Medium Format Black and White Film
A4 Canson Photographique
While seasons come and go in their stable cycles a person’s journey is always filled with ups and downs and that is what ‘The Journey’ is all about. The phases that most of us go through like experiencing many pains, struggles, and trials. A quote from K.M. Golland ‘Life is full of ups and downs, twists and turns, love and loss. And life would not be worth experiencing if it weren’t just that. You can’t have the good without the bad, you need to somehow learn to accept the bad and adjust it in a way that you can endure and overcome’. All of this is portrayed through a pair of shoes.
The shoes you wear, like fashion and beauty products, may tell something about who you are as a person. Not only does your favorite footwear allude to your everyday mood, it is a sartorial icon often bundled with hints about your tastes and hobbies. After all, shoes are armour, in which we can protect our feet and the foundation needed to take on everything the day can throw our way, whether it’s a
torrential downpour or climbing stairs.
By removing the “human element” from my portraits, I was forced to show visual emotions via the details of the locations and the scenarios that the pair of shoes were placed in. My goal was to abandon the typical semiotics way of reading portraits and allow the viewer to come to a conclusion of what was happening to the pair of shoes simply by the way the image was photographed and where.

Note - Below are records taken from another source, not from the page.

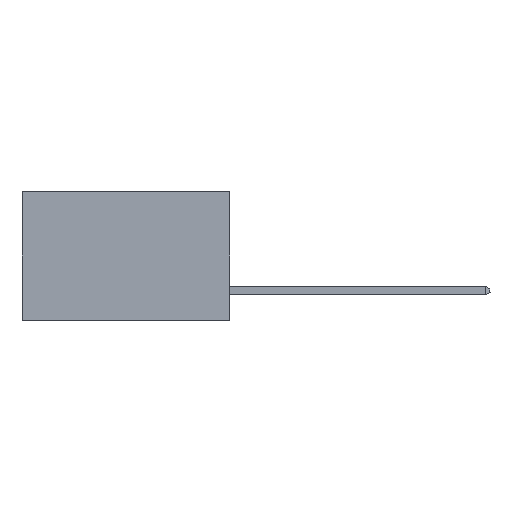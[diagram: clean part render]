
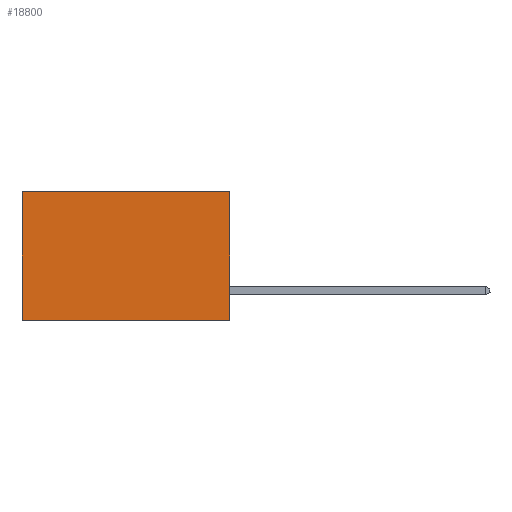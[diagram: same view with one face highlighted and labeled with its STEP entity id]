
A CAD part, left-side view. The second image highlights one B-rep face of the part: STEP entity #18800.
In plain terms, the highlighted planar face has unit normal (-1, 0, 0).
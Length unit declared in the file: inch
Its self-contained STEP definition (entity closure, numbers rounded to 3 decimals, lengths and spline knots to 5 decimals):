
#257 = CARTESIAN_POINT ( 'NONE',  ( 0.298, 0.6, 0. ) ) ;
#280 = DIRECTION ( 'NONE',  ( 0., 1., 0. ) ) ;
#1363 = ORIENTED_EDGE ( 'NONE', *, *, #5520, .F. ) ;
#1617 = VECTOR ( 'NONE', #22153, 39.37008 ) ;
#1686 = ORIENTED_EDGE ( 'NONE', *, *, #16945, .T. ) ;
#1906 = DIRECTION ( 'NONE',  ( 0., 1., 0. ) ) ;
#2102 = DIRECTION ( 'NONE',  ( 0., 0., -1. ) ) ;
#2854 = VERTEX_POINT ( 'NONE', #257 ) ;
#4151 = VECTOR ( 'NONE', #1906, 39.37008 ) ;
#5520 = EDGE_CURVE ( 'NONE', #7869, #20881, #16114, .T. ) ;
#5997 = CARTESIAN_POINT ( 'NONE',  ( 0.298, 0., 0. ) ) ;
#6295 = EDGE_CURVE ( 'NONE', #7869, #2854, #24783, .T. ) ;
#6649 = CARTESIAN_POINT ( 'NONE',  ( 0.298, 0., 0. ) ) ;
#6842 = VECTOR ( 'NONE', #280, 39.37008 ) ;
#7869 = VERTEX_POINT ( 'NONE', #11196 ) ;
#8585 = CARTESIAN_POINT ( 'NONE',  ( 0.298, 0.6, 0. ) ) ;
#11196 = CARTESIAN_POINT ( 'NONE',  ( 0.298, 0., 0. ) ) ;
#12175 = EDGE_CURVE ( 'NONE', #20881, #26183, #28597, .T. ) ;
#12429 = DIRECTION ( 'NONE',  ( 0., 0., -1. ) ) ;
#13254 = CARTESIAN_POINT ( 'NONE',  ( 0.298, 0., -0.37 ) ) ;
#13836 = LINE ( 'NONE', #8585, #1617 ) ;
#14639 = ORIENTED_EDGE ( 'NONE', *, *, #12175, .F. ) ;
#15782 = DIRECTION ( 'NONE',  ( 1., 0., 0. ) ) ;
#16114 = LINE ( 'NONE', #18591, #27169 ) ;
#16945 = EDGE_CURVE ( 'NONE', #2854, #26183, #13836, .T. ) ;
#18591 = CARTESIAN_POINT ( 'NONE',  ( 0.298, 0., 0. ) ) ;
#18800 = ADVANCED_FACE ( 'NONE', ( #27256 ), #28928, .F. ) ;
#20881 = VERTEX_POINT ( 'NONE', #21084 ) ;
#21072 = CARTESIAN_POINT ( 'NONE',  ( 0.298, 0.6, -0.37 ) ) ;
#21084 = CARTESIAN_POINT ( 'NONE',  ( 0.298, 0., -0.37 ) ) ;
#22153 = DIRECTION ( 'NONE',  ( 0., 0., -1. ) ) ;
#23919 = ORIENTED_EDGE ( 'NONE', *, *, #6295, .T. ) ;
#24561 = EDGE_LOOP ( 'NONE', ( #1686, #14639, #1363, #23919 ) ) ;
#24783 = LINE ( 'NONE', #5997, #6842 ) ;
#26183 = VERTEX_POINT ( 'NONE', #21072 ) ;
#27169 = VECTOR ( 'NONE', #12429, 39.37008 ) ;
#27256 = FACE_OUTER_BOUND ( 'NONE', #24561, .T. ) ;
#28597 = LINE ( 'NONE', #13254, #4151 ) ;
#28928 = PLANE ( 'NONE',  #29002 ) ;
#29002 = AXIS2_PLACEMENT_3D ( 'NONE', #6649, #15782, #2102 ) ;

The decision to shoot in black and white film is because film has a timeless consistency to it. It can be striking, engaging, breathtaking, and certainly moody. Film eliminates any color distraction enabling the viewer to concentrate on other aspects of the picture, such as the subject, the textures, patterns and shapes, as well as the composition with no color interference. Psychologically, something about the variation in tonal ranges, rich blacks, and intense contrasts are appealing to all of us. It establishes a connection that causes you to stop and pay attention to what is being addressed.